*** Opening of SUPPLIED INFORMATION ***

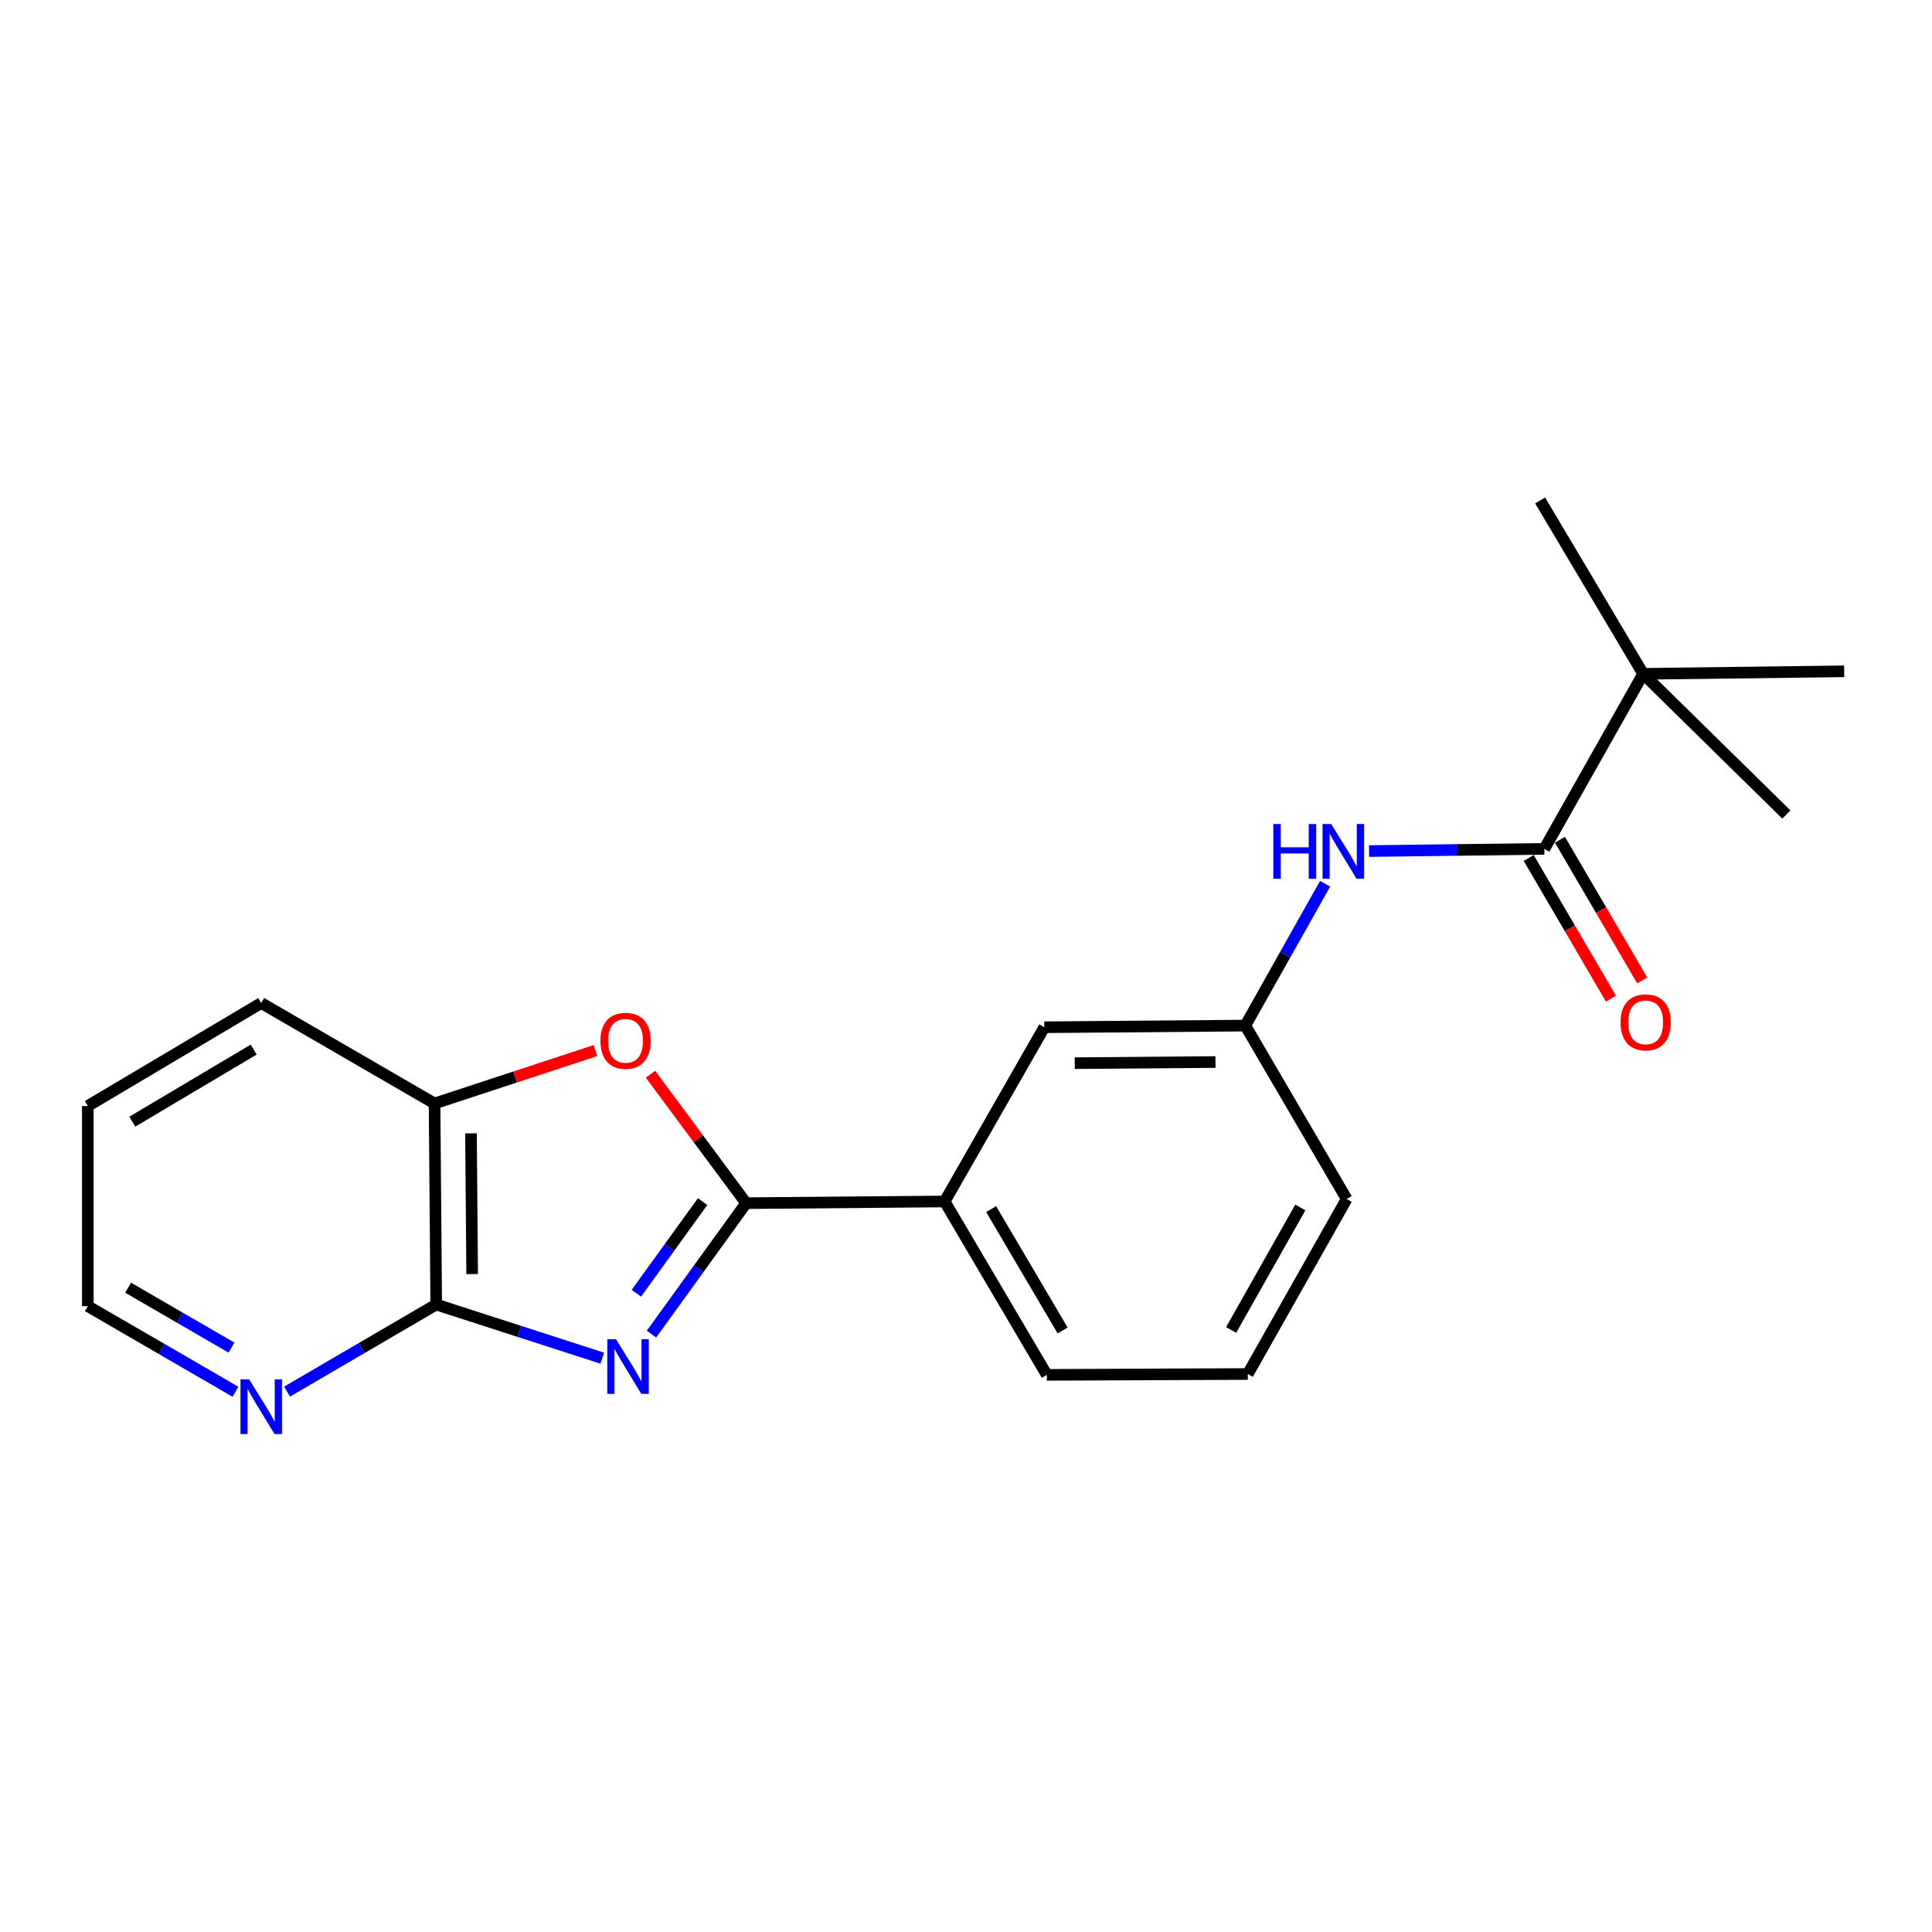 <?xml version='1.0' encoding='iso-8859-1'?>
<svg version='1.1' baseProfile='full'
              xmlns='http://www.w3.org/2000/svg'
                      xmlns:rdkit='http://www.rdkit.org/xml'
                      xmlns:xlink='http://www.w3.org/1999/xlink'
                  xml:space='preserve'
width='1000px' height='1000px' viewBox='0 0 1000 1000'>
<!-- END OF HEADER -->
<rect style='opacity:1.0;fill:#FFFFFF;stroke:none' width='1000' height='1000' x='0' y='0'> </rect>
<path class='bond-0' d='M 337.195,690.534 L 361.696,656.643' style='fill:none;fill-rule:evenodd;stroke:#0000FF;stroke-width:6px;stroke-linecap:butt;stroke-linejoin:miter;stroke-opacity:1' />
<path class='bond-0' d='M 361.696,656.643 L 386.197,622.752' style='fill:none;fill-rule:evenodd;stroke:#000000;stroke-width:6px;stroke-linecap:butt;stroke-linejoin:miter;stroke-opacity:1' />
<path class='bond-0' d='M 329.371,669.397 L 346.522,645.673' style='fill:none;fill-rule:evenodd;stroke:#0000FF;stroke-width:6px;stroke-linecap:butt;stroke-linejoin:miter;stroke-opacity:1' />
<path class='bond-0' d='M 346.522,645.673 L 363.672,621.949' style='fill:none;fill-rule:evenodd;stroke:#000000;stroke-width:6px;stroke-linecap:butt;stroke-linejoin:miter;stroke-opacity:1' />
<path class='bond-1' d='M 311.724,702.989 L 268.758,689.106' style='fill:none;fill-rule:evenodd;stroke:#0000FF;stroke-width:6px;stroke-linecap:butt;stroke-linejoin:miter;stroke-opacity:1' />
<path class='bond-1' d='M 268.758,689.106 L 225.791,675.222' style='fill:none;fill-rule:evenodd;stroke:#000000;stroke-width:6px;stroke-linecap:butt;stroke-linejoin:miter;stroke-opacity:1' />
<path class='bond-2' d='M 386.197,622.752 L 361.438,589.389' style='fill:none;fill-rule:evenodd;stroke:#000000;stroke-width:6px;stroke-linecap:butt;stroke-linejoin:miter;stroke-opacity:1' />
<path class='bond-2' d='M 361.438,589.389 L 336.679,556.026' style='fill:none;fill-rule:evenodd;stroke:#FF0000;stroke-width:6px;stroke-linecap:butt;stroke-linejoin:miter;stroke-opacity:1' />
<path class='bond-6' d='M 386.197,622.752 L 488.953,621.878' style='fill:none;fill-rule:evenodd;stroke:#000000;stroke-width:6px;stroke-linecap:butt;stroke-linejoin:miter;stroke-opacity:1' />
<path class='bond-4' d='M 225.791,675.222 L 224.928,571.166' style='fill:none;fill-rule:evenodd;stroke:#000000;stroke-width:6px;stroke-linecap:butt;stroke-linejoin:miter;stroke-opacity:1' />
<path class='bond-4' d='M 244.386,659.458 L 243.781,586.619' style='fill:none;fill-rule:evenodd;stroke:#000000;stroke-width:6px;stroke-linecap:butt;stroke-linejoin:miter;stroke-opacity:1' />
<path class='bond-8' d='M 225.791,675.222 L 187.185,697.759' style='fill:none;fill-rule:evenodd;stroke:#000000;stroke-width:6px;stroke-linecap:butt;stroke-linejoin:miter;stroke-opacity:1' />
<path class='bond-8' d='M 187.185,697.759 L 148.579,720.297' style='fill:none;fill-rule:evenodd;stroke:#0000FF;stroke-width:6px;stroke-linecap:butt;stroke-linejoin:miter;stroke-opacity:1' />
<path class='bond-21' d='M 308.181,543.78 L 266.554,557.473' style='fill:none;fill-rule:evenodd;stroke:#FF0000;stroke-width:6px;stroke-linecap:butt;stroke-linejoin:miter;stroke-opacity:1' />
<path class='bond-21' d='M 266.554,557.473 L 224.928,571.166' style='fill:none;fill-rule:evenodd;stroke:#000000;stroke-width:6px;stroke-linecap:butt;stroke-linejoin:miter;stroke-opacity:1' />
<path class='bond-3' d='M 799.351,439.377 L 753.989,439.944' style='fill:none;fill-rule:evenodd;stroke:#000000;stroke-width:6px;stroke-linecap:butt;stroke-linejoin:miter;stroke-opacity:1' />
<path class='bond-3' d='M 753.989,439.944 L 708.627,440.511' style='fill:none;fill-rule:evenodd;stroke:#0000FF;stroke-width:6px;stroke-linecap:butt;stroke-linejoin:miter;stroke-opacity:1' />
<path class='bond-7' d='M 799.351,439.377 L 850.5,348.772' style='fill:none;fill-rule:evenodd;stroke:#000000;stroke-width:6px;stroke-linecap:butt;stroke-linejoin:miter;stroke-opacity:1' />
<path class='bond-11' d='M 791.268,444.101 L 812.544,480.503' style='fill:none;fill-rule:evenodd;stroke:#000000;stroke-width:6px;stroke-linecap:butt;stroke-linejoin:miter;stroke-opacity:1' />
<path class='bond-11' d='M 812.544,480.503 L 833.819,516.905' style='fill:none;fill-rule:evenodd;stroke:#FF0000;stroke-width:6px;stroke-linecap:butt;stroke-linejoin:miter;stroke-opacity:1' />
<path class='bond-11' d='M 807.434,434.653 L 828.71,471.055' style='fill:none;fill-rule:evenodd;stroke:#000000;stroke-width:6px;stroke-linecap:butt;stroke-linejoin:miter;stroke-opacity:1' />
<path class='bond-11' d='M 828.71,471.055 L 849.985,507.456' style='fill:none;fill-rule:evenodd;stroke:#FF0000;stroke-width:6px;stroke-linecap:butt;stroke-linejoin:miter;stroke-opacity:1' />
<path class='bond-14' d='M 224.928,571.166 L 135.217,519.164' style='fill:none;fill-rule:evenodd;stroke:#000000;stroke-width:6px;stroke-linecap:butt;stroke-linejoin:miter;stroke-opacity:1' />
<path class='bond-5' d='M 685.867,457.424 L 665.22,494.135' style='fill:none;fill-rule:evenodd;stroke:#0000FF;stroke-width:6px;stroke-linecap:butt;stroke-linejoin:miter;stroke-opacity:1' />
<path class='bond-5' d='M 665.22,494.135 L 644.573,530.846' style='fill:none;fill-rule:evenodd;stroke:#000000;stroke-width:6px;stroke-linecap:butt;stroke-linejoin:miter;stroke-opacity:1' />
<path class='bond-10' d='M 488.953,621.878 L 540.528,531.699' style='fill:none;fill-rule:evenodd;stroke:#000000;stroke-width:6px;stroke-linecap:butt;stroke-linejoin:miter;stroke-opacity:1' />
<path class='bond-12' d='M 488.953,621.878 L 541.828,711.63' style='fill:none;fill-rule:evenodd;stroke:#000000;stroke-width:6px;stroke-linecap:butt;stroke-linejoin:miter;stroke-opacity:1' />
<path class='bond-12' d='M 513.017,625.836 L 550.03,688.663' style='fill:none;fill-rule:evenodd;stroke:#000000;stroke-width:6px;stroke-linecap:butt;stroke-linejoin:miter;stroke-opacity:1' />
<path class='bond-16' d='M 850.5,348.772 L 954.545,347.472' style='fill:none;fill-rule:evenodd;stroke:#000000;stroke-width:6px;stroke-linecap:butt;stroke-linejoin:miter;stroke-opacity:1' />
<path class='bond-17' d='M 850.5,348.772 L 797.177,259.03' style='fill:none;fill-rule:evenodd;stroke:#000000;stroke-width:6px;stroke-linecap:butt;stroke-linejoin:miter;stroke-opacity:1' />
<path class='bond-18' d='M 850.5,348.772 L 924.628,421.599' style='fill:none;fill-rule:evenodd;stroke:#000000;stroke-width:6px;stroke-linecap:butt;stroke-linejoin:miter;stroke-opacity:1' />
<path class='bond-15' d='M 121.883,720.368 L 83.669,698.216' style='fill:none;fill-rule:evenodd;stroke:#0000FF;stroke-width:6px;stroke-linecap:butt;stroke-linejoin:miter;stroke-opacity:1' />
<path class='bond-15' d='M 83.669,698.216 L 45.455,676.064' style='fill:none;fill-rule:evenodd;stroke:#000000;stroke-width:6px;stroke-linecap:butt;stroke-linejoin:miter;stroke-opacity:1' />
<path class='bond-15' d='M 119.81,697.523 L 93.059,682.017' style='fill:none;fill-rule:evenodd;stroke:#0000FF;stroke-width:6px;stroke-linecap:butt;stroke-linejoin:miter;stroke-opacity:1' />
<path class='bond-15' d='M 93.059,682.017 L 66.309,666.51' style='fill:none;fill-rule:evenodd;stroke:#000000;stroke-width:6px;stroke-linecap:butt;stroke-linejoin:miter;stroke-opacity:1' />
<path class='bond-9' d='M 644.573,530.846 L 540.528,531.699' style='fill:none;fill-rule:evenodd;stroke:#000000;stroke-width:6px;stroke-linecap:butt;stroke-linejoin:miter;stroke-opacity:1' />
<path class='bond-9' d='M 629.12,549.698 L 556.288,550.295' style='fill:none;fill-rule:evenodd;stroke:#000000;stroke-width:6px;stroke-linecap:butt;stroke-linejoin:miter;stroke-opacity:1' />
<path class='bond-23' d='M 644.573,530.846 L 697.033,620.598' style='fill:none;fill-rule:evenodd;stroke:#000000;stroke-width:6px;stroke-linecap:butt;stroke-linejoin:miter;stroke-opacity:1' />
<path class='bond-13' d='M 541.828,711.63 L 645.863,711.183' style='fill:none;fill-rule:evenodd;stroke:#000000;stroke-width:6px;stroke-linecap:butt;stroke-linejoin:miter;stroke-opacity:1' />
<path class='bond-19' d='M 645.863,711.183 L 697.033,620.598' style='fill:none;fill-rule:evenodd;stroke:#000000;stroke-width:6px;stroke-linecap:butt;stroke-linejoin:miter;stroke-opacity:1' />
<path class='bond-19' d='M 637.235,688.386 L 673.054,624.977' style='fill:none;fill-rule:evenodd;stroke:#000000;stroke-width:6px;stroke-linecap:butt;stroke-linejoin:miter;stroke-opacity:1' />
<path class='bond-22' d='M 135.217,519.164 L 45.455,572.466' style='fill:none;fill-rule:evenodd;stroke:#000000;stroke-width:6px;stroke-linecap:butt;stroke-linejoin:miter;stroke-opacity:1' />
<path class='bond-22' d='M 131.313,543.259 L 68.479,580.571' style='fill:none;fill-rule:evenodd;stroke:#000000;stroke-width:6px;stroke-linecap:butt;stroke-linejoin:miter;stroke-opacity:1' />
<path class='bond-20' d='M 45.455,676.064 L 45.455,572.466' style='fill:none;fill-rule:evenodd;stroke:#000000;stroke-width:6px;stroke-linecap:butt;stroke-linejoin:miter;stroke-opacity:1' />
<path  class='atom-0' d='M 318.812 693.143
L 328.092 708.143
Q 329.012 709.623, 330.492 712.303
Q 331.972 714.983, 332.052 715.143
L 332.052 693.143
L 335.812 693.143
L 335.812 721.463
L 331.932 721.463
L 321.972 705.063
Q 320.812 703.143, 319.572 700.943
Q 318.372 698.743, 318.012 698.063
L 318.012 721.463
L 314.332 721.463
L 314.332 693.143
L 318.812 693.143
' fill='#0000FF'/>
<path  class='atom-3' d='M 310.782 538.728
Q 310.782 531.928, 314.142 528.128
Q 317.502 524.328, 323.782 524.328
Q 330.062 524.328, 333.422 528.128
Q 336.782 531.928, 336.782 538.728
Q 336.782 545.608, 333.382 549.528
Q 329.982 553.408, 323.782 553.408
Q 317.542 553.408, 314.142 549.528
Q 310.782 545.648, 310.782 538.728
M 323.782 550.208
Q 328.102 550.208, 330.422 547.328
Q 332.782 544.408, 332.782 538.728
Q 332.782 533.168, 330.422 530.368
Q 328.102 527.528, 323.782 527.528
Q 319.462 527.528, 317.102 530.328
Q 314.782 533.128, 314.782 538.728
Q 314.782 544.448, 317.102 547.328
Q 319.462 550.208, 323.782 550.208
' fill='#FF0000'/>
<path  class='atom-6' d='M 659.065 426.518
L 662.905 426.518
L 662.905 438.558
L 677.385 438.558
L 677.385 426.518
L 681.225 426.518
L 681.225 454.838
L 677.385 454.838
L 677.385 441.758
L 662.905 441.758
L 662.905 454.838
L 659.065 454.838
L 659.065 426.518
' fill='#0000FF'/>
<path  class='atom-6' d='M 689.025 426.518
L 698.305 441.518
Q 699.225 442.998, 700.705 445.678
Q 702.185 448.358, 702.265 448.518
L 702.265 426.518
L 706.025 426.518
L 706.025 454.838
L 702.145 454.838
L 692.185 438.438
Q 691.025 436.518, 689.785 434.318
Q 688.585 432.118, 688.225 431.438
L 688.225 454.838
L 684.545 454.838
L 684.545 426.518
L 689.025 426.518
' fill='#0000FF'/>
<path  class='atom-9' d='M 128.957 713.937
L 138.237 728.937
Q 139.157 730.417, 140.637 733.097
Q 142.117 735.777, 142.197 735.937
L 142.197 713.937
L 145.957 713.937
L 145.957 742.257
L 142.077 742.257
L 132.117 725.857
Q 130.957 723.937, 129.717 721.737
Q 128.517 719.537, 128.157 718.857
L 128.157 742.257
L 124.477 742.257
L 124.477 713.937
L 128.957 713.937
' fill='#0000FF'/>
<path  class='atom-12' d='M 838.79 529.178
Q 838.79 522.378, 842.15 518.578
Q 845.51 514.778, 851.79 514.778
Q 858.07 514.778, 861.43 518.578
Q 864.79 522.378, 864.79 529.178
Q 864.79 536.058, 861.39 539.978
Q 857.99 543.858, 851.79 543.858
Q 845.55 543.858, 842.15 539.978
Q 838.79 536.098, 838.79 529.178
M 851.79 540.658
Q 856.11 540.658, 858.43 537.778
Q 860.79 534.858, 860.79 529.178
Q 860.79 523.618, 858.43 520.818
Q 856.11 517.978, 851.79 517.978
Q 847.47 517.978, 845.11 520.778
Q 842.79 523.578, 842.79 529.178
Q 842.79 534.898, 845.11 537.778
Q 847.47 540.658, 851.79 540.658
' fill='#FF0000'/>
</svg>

*** Close of SUPPLIED INFORMATION ***

EXERCISE PROMPT.
Copy back the listing above exactly, but only from the line with "<path class='bond-5' d='M 685.867,457.424" through the line with "<path class='bond-18' d='M", both ends included.

TASK SOLUTION.
<path class='bond-5' d='M 685.867,457.424 L 665.22,494.135' style='fill:none;fill-rule:evenodd;stroke:#0000FF;stroke-width:6px;stroke-linecap:butt;stroke-linejoin:miter;stroke-opacity:1' />
<path class='bond-5' d='M 665.22,494.135 L 644.573,530.846' style='fill:none;fill-rule:evenodd;stroke:#000000;stroke-width:6px;stroke-linecap:butt;stroke-linejoin:miter;stroke-opacity:1' />
<path class='bond-10' d='M 488.953,621.878 L 540.528,531.699' style='fill:none;fill-rule:evenodd;stroke:#000000;stroke-width:6px;stroke-linecap:butt;stroke-linejoin:miter;stroke-opacity:1' />
<path class='bond-12' d='M 488.953,621.878 L 541.828,711.63' style='fill:none;fill-rule:evenodd;stroke:#000000;stroke-width:6px;stroke-linecap:butt;stroke-linejoin:miter;stroke-opacity:1' />
<path class='bond-12' d='M 513.017,625.836 L 550.03,688.663' style='fill:none;fill-rule:evenodd;stroke:#000000;stroke-width:6px;stroke-linecap:butt;stroke-linejoin:miter;stroke-opacity:1' />
<path class='bond-16' d='M 850.5,348.772 L 954.545,347.472' style='fill:none;fill-rule:evenodd;stroke:#000000;stroke-width:6px;stroke-linecap:butt;stroke-linejoin:miter;stroke-opacity:1' />
<path class='bond-17' d='M 850.5,348.772 L 797.177,259.03' style='fill:none;fill-rule:evenodd;stroke:#000000;stroke-width:6px;stroke-linecap:butt;stroke-linejoin:miter;stroke-opacity:1' />
<path class='bond-18' d='M 850.5,348.772 L 924.628,421.599' style='fill:none;fill-rule:evenodd;stroke:#000000;stroke-width:6px;stroke-linecap:butt;stroke-linejoin:miter;stroke-opacity:1' />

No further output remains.